The embedding model is passed to the evaluation function by means of the embed_model argument, which for OpenAI models is an OpenAIEmbedding object initialised with the name of the model, and the model dimension.

from llama_index.embeddings.openai import OpenAIEmbedding

embed_model = OpenAIEmbedding(model=model_spec['model_name'],
                              dimensions=model_spec['dimensions'])

The dimensions API parameter can shorten embeddings (i.e. remove some numbers from the end of the sequence) without the embedding losing its concept-representing properties. OpenAI for example suggests in their annoucement that on the MTEB benchmark, an embedding can be shortened to a size of 256 while still outperforming an unshortened text-embedding-ada-002 embedding with a size of 1536.

We ran the evaluation function on four different OpenAI embedding models:

two versions of text-embedding-3-large : one with the lowest possible dimension (256), and the other one with the highest possible dimension (3072). These are called ‘OAI-large-256' and ‘OAI-large-3072'.
OAI-small: The text-embedding-3-small embedding model, with a dimension of 1536.
OAI-ada-002: The legacy text-embedding-ada-002 model, with a dimension of 1536.
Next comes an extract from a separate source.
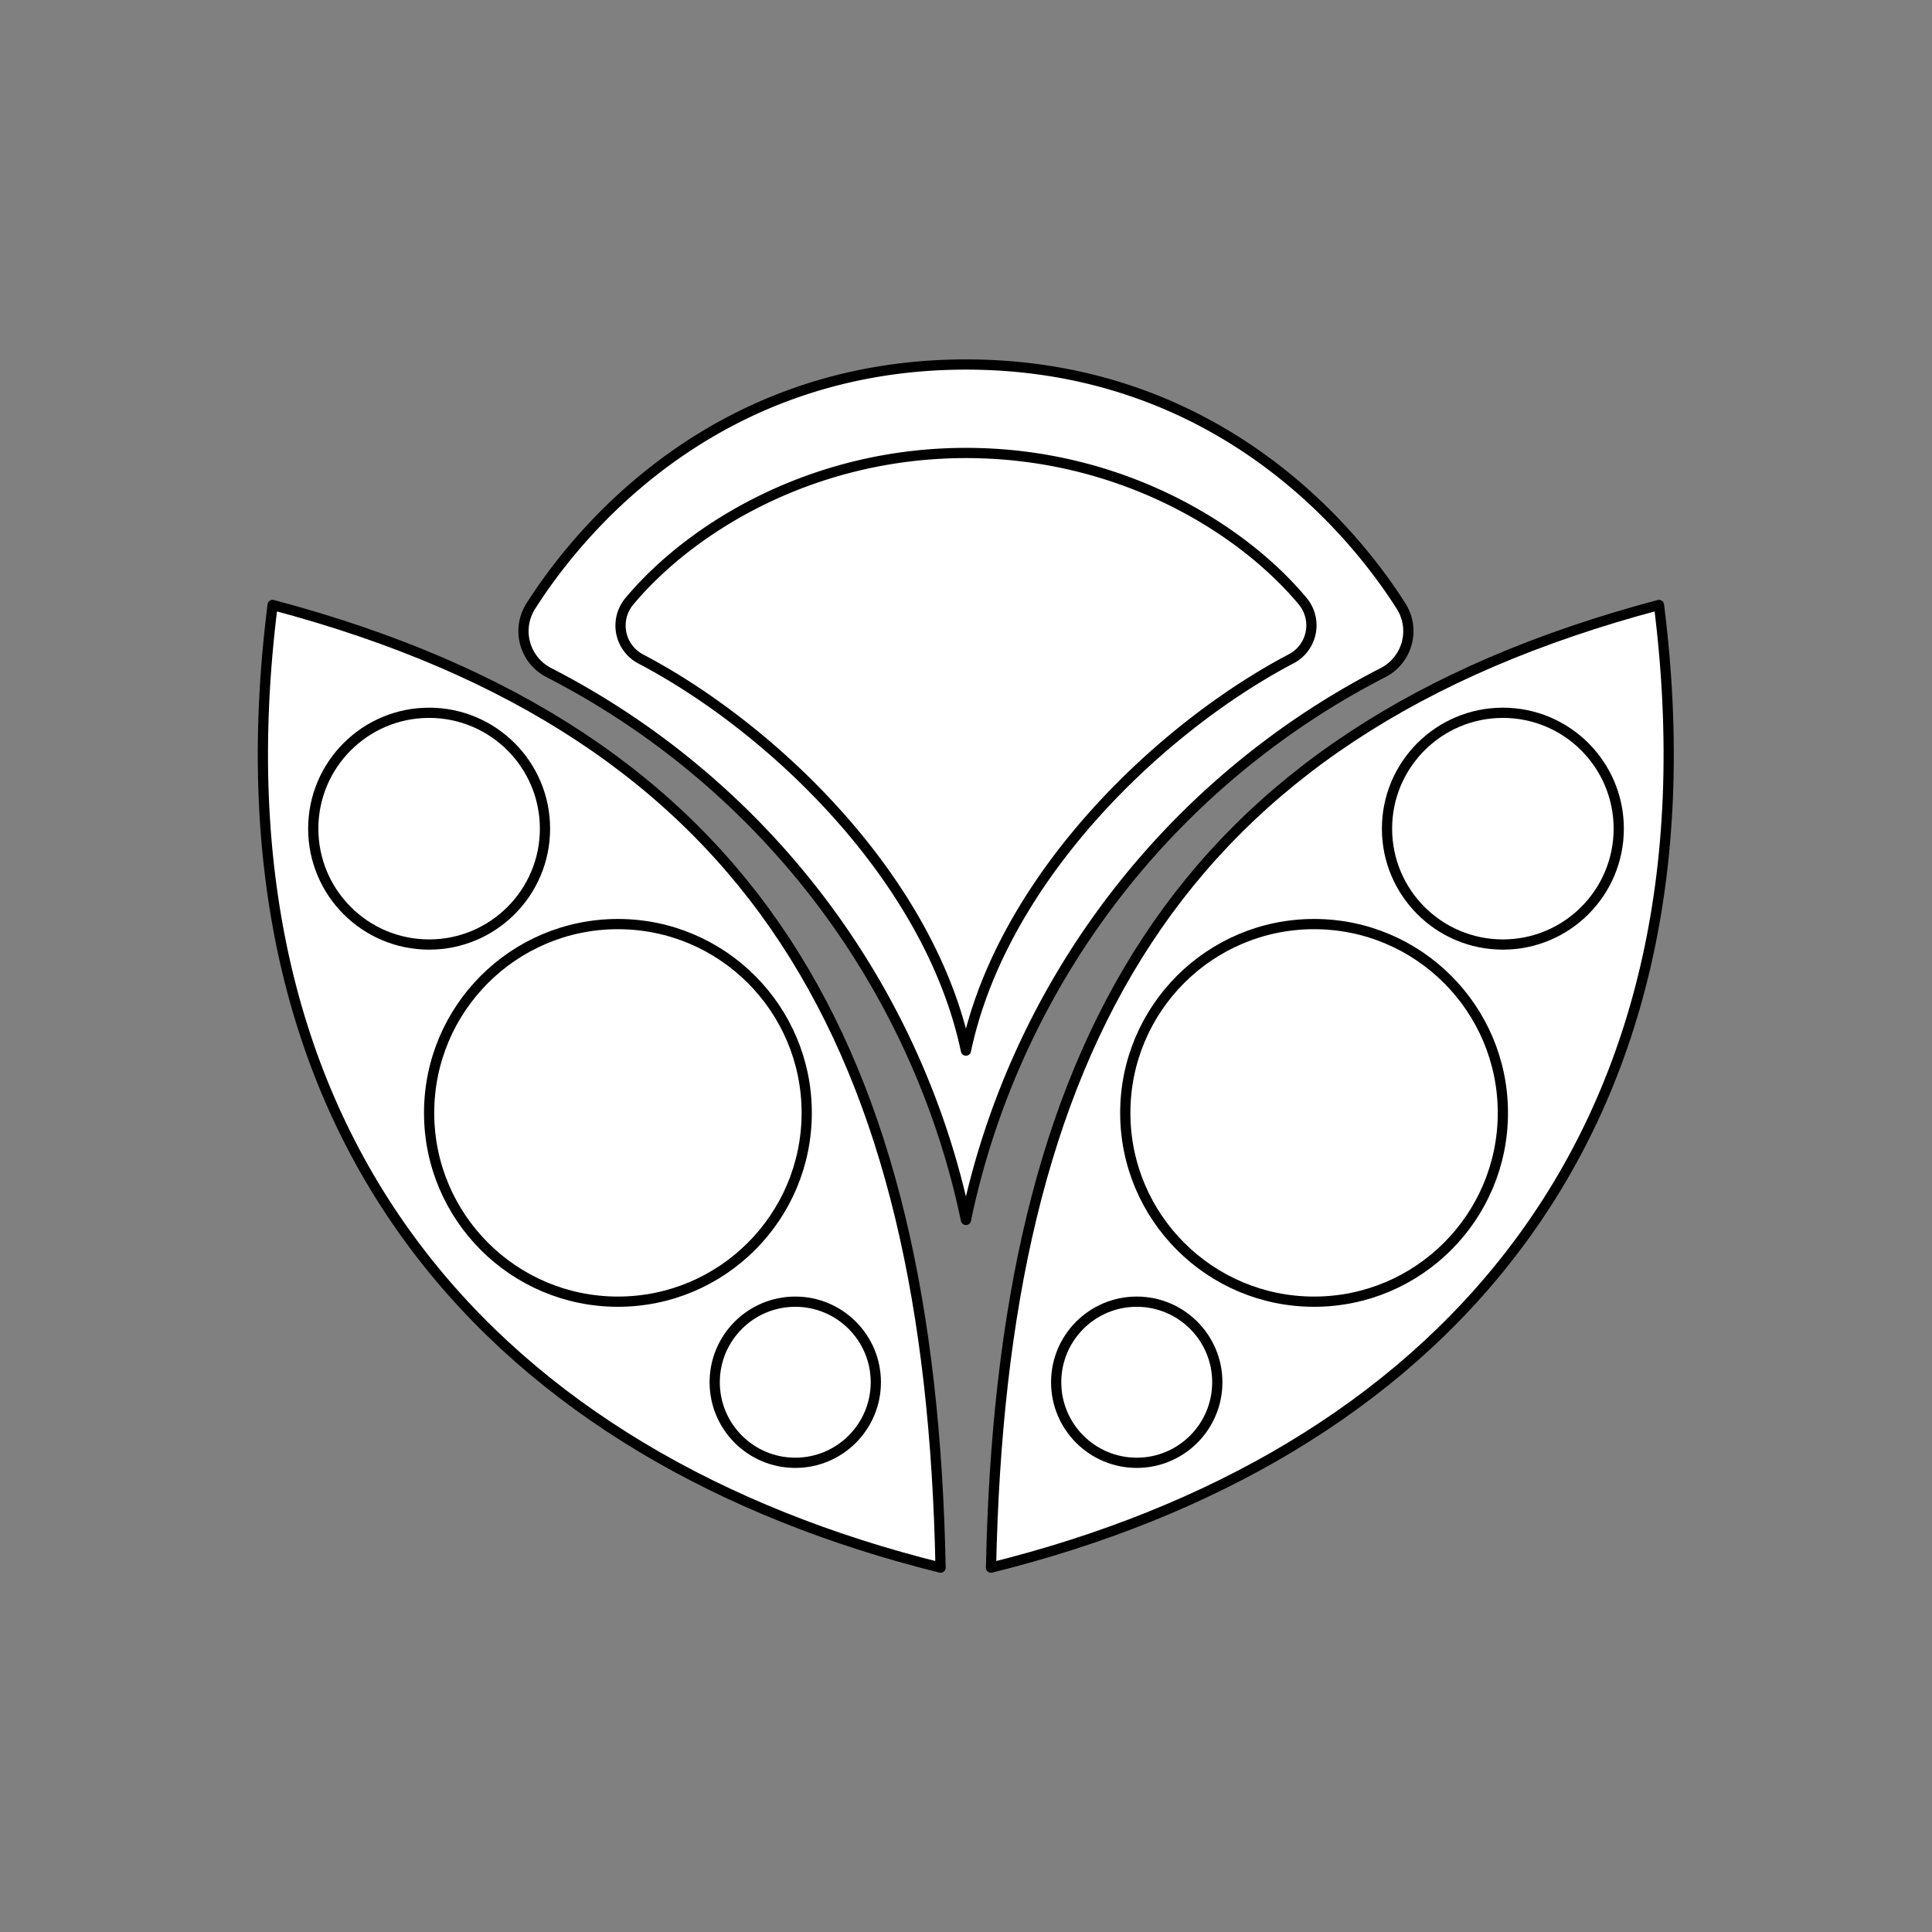<svg xmlns="http://www.w3.org/2000/svg" viewBox="0 0 141.73 141.73"><rect x="0" y="0" width="141.73" height="141.73" fill="#808080" stroke="none"/><defs><style>.cls-1{fill:#fff;}.cls-2{fill:none;stroke:#000;stroke-linecap:round;stroke-linejoin:round;stroke-width:0.75px;}</style></defs><title>Artboard 5</title><g id="_5_fill" data-name="5 fill"><path class="cls-1" d="M69,115c-32.24-8-54-31-49-70.62C55.59,53.82,68.25,77,69,115Z"/><path class="cls-1" d="M72.7,115c32.24-8,54-31,49-70.62C86.14,53.82,73.48,77,72.7,115Z"/><path class="cls-1" d="M70.86,89.49a58.61,58.61,0,0,1,30.6-40.15,3.42,3.42,0,0,0,1.32-4.88C98.16,37.2,87.88,26.74,70.86,26.74S43.57,37.2,38.94,44.46a3.42,3.42,0,0,0,1.32,4.88A58.61,58.61,0,0,1,70.86,89.49Z"/></g><g id="_5_stroke" data-name="5 stroke"><path class="cls-2" d="M69,115c-32.24-8-54-31-49-70.62C55.59,53.82,68.25,77,69,115Z"/><circle class="cls-2" cx="31.48" cy="60.79" r="8.5"/><circle class="cls-2" cx="58.34" cy="101.4" r="5.91"/><circle class="cls-2" cx="45.33" cy="81.64" r="13.85"/><path class="cls-2" d="M72.7,115c32.24-8,54-31,49-70.62C86.14,53.82,73.48,77,72.7,115Z"/><circle class="cls-2" cx="110.25" cy="60.79" r="8.5"/><circle class="cls-2" cx="83.39" cy="101.4" r="5.91"/><circle class="cls-2" cx="96.4" cy="81.64" r="13.85"/><path class="cls-2" d="M70.86,89.49a58.61,58.61,0,0,1,30.6-40.15,3.42,3.42,0,0,0,1.32-4.88C98.16,37.2,87.88,26.74,70.86,26.74S43.57,37.2,38.94,44.46a3.42,3.42,0,0,0,1.32,4.88A58.61,58.61,0,0,1,70.86,89.49Z"/><path class="cls-2" d="M70.86,77.07C73.53,64.42,85.1,53.39,94.7,48.34a2.77,2.77,0,0,0,.87-4.23c-4.48-5.38-13.4-10.88-24.7-10.88s-20.21,5.5-24.7,10.88A2.77,2.77,0,0,0,47,48.34C56.63,53.39,68.2,64.42,70.86,77.07Z"/></g></svg>

Each model was evaluated on four different languages: English (EN), French (FR), Czech (CS) and Hungarian (HU), covering examples of Germanic, Romance, Slavic and Uralic language, respectively.

embeddings_model_spec = {
}

embeddings_model_spec['OAI-Large-256']={'model_name':'text-embedding-3-large','dimensions':256}
embeddings_model_spec['OAI-Large-3072']={'model_name':'text-embedding-3-large','dimensions':3072}
embeddings_model_spec['OAI-Small']={'model_name':'text-embedding-3-small','dimensions':1536}
embeddings_model_spec['OAI-ada-002']={'model_name':'text-embedding-ada-002','dimensions':None}

results = []

languages = ["EN", "FR", "CS", "HU"]

# Loop through all languages
for language in languages:

    # Load dataset
    file_name=language+"_dataset.json"
    qa_dataset = EmbeddingQAFinetuneDataset.from_json(file_name)

    # Loop through all models
    for model_name, model_spec in embeddings_model_spec.items():

        # Get model
        embed_model = OpenAIEmbedding(model=model_spec['model_name'],
                                      dimensions=model_spec['dimensions'])

        # Assess embedding score (in terms of MRR)
        score = evaluate(qa_dataset, embed_model)

        results.append([language, model_name, score])

df_results = pd.DataFrame(results, columns = ["Language" ,"Embedding model", "MRR"])

The resulting accuracy in terms of MRR is reported below:

Summary of performances for the OpenAI models

As expected, for the large model, better performances are observed with the larger embedding size of 3072. Compared with the small and legacy Ada models, the large model is however smaller than we would have expected. For comparison, we also report below the performances obtained by the OpenAI models on the MTEB benchmark.

Performances of OpenAI embedding models, as reported in their official announcement

It is interesting to note that the differences in performances between the large, small and Ada models are much less pronounced in our assessment than in the MTEB benchmark, reflecting the fact that the average performances observed in large benchmarks do not necessarily reflect those obtained on custom datasets.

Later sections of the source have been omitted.